IN 2009, cell biologist Michael Sixt was considering his next career move as he approached the end of his term as junior group leader at a Max Planck research institute in Germany. He was applying to established research institutes in the UK and Switzerland when a colleague suggested the Institute of Science and Technology (IST) Austria. Sixt had never heard of it, but took a look anyway. Within weeks, he had withdrawn his other applications. “I wanted to go to a research institute where I could do just science, all the time,” he says. “I was immediately convinced that IST Austria would offer me that freedom.”

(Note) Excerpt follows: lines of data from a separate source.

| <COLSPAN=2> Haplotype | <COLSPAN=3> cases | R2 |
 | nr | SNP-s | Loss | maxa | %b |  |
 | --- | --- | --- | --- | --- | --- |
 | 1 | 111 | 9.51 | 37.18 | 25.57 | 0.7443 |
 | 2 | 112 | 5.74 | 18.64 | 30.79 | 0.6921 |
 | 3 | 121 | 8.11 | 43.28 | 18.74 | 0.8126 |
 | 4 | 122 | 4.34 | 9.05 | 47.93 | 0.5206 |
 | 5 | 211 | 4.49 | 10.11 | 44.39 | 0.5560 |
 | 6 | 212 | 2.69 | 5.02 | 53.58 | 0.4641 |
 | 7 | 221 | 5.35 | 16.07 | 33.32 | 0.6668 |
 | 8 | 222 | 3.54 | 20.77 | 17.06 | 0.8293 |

IST Austria, which is based 15km north of Vienna, had opened its laboratory just four weeks before Sixt started work in November 2010. He is now one of 18 tenure-track group leaders at the institute, and there are plans to increase the number of groups to up to 50 by 2016. Sixt's wife, evolutionary biologist Silvia Cramer, leads her own group down the hall, and their daughter attends the institute's childcare facility. With his laboratory now firmly established, Sixt is convinced that joining IST Austria was the right decision. “This is a new place with no politics, great administration and exciting science. And because there is actually a position for everyone who is put on tenure track, there's no internal competition. It's very refreshing.”

Thoughtful investment

Sixt's experience illustrates the advantages of a decade of investment in Austrian science. As well as IST Austria, several other new research institutes have opened and high-tech industry has grown rapidly, particularly in the biotechnology and pharmaceutical sectors. National spending on research and development (R&D) has more than doubled since 2000 and this year will top €8 billion for the first time — an increase of 5% from 2010 and accounting for 2.79% of gross domestic product (GDP). Of the €8 billion, 44.6% is financed by private sector business.

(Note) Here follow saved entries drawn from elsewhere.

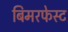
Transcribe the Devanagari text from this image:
बिमरफेस्ट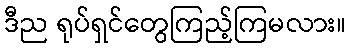
ဒီည ရုပ်ရှင်တွေကြည့်ကြမလား။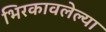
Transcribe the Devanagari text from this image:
भिरकावलेल्या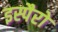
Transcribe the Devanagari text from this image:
इस्पैरो

“Austrian research is awakening from its beauty sleep,” says Giulio Superti-Furga, director of the Austrian Academy of Sciences' Centre for Molecular Medicine (CeMM), which opened in March 2011. “Politicians have become more mindful of research innovation as an economic driving force.”

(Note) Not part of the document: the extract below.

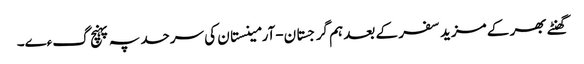
گھنٹے بھر کے مزید سفر کے بعد ہم گرجستان-آرمینستان کی سرحد پہ پہنچ گءے۔

An international environment

The rest of the world has also become aware of Austria's scientific prowess. Scientists from across eastern Europe have flocked to the country since the early 1990s and it remains an attractive destination for researchers from countries such as Serbia, the Czech Republic, Slovakia, Hungary and Slovenia, where science receives less support. Austria is also recruiting from countries with a strong research tradition, and the opportunity to help build a buzzing Austrian research community has lured several leading scientists from abroad. Three new life-science institutes created by the federally funded Austrian Academy of Sciences have all attracted external directors: Superti-Furga came from Italy to lead the CeMM; Magnus Nordberg, science director of the Gregor Mendel Institute of Molecular Plant Biology (GMI), is a Swede who moved to Vienna from the United States; and the Institute of Molecular Biotechnology Austria (IMBA) is run by Austrian Joseph Penninger, who returned home for the position after 13 years in Canada. IST Austria's president, Tom Henzinger, is also a returning Austrian. He left his homeland in 1985 to work in the United States, but more than 20 years later was enticed back to perform his current role. “This was an opportunity too exciting to turn down,” he says.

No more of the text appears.